皆さん、Claude Teamプランは使っていますか?

2026年1月にStandardシート($25/月)でもClaude Codeが使えるようになり、カンリーでは全エンジニアがTeamプランに移行しました。本記事では、Teamプランの管理画面でできることを網羅的に解説し、実運用で得たtipsを共有します。

なぜこの記事を書くのか

Claude Teamプランの管理画面は、全体像が掴みにくい状況にあります。

  1. 管理画面の変更がRelease NotesやChangelogに載らないことが多い — 新しい設定項目がサイレントに追加されることがある。タイムラグの問題もあり、管理画面に反映済みでも英語版の公式ドキュメントへの反映が遅れ、さらに日本語版への反映はそこから数週間遅れることもある
  2. 公式ドキュメントはあるが、管理画面の全設定を網羅した一覧がない — メンバー管理、使用量管理、Claude Code、Claude in Chrome等、機能別の個別ドキュメントは存在する。しかし、管理画面のどこにどんな設定があるかを俯瞰できるドキュメントはない。一部の設定(プラグインのアクセスレベル詳細、チャンネル通知の管理設定等)はドキュメント自体が見つからない
  3. Teamプランの情報を発信している人がほぼいない — 個人プラン(Pro/Max)の情報は多いが、組織向けの管理・運用ノウハウは希少
  4. ググっても古い情報が多い — Google検索1ページ目でも、非公式の古い情報が目につく。
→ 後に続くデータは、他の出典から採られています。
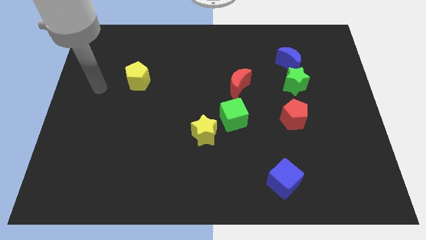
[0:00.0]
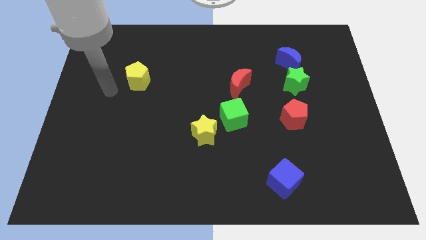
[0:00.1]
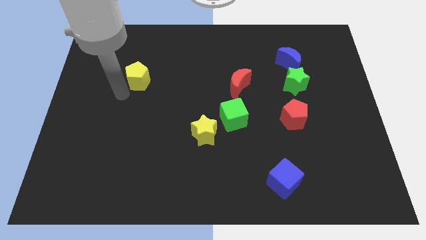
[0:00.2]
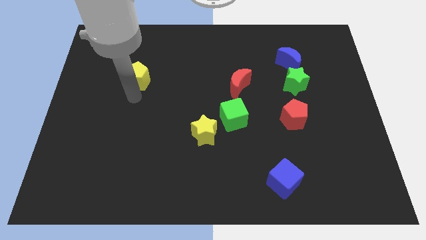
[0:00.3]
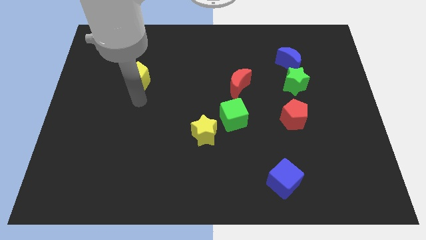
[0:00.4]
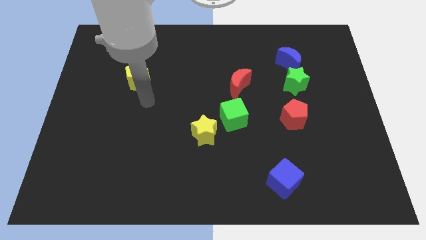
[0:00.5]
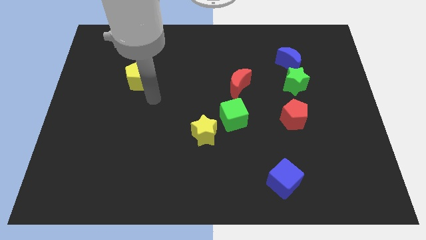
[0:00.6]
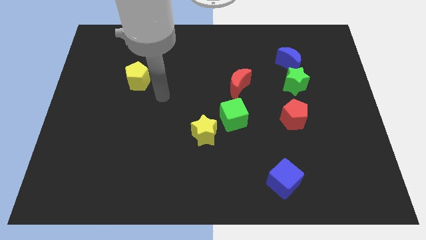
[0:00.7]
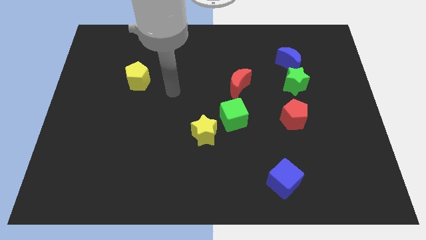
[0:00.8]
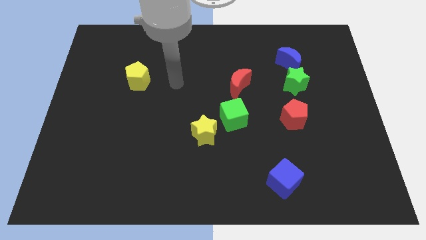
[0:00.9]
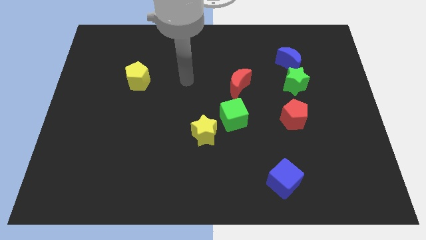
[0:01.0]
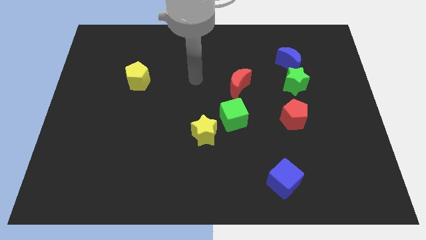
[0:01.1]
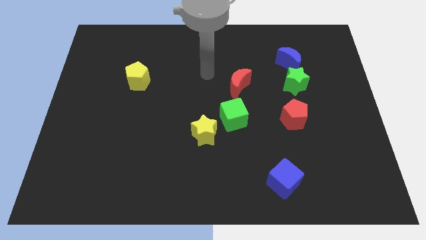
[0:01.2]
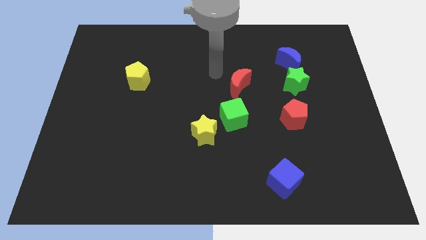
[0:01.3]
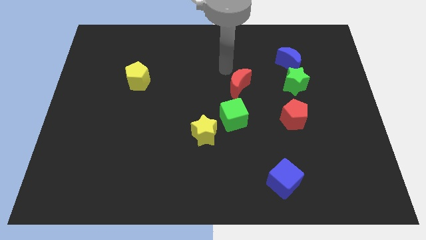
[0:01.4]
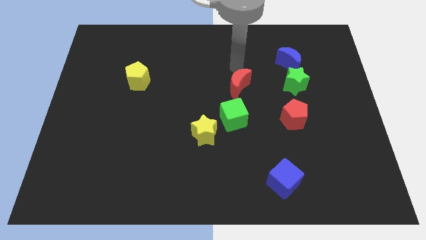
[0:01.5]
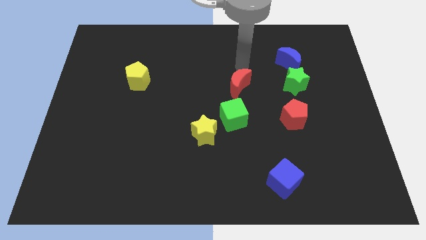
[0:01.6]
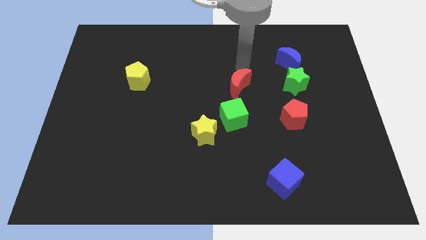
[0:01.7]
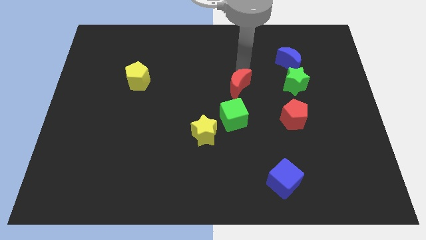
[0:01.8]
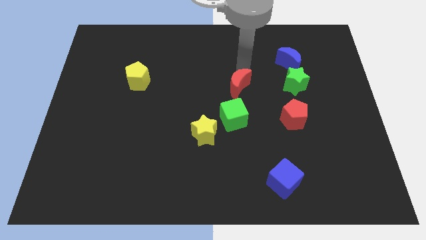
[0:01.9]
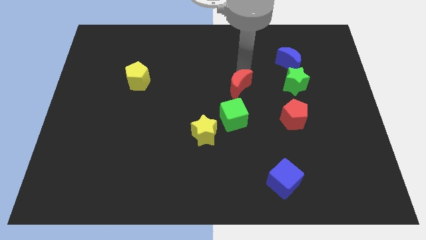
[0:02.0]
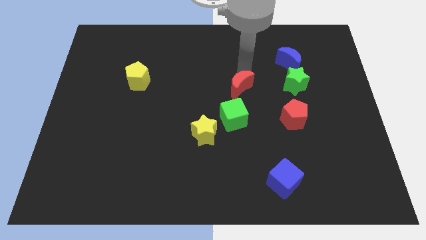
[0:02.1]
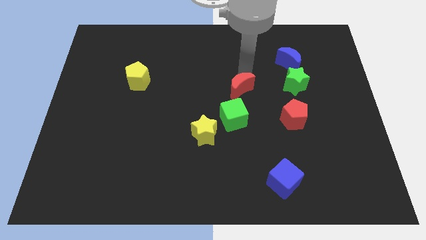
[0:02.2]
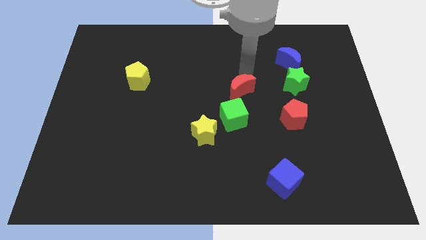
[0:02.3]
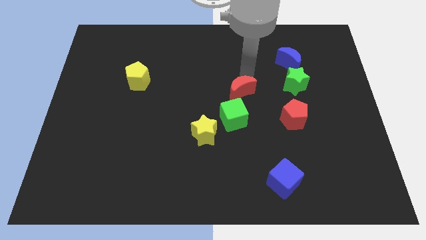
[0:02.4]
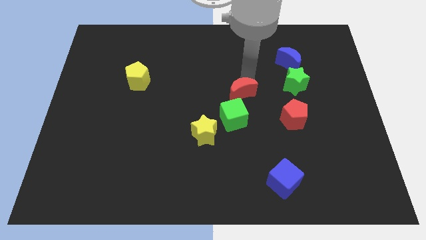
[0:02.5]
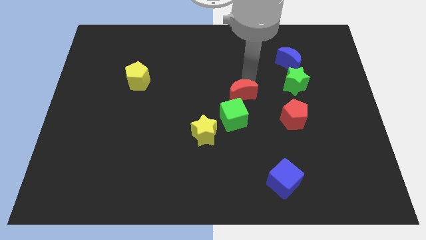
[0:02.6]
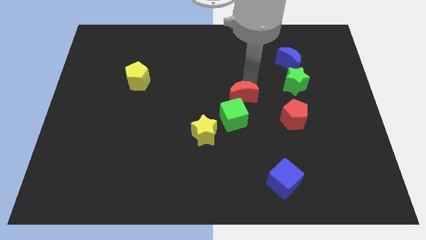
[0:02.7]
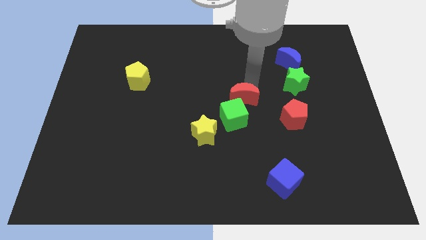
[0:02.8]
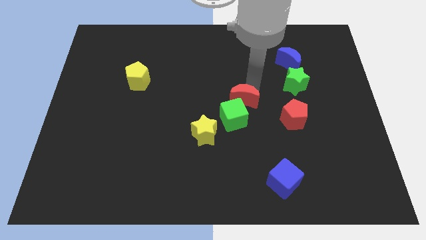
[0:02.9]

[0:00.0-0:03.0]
move the red moon towards the green cube

「PremiumシートでないとClaude Codeは使えない」「Standardは$50/月」といった誤情報が検索上位に残っている

正確には、2026年1月にTeamプランは大きく改定されています:

  • 値下げ: Standard $50→$25、Premium $150→$125
  • StandardシートでもClaude Codeが利用可能に

これらの変更が反映されていない記事が大量に残っているのが現状です。

本記事では、Teamプラン契約者として管理画面を日常的に触っている立場から、管理画面の全設定を網羅的にまとめます。

想定読者

  • Claude Teamプランの導入を検討しているエンジニアリングマネージャー・管理者
  • Teamプランを契約済みだが、管理画面の機能を把握しきれていない管理者
  • Enterpriseプランの管理者(Teamの全機能を含むため、管理画面の基本操作は共通)
  • BedrockやAPI経由からPro/Max/Team/Enterpriseプランへの乗り換えを検討している方

最新情報の追い方

Claudeの最新情報を追うには、一次情報源を直接ウォッチするのが確実です。以下はすべてAnthropic公式またはAnthropicメンバーからの発信であり、日本語の解説記事を待たずにキャッチアップできます。

ソース URL 何が載るか
Release Notes https://support.claude.com/en/articles/12138966-release-notes Pro/Max/Team/Enterprise向けの機能アップデート
Claude Code Changelog https://code.claude.com/docs/en/changelog or https://github.com/anthropics/claude-code/blob/main/CHANGELOG.md Claude Code固有の変更履歴(バージョン単位)。公式サイト版とGitHub版の2箇所で公開
Claude公式およびAnthropicメンバーのX Claude / Boris Cherny氏 ほか 公式ドキュメントより先に情報が出ることも。一次情報の最速ソース

筆者は日本語で発信されている方々も複数フォローしてキャッチアップしていますが、ここでは一次情報源に限って紹介しています。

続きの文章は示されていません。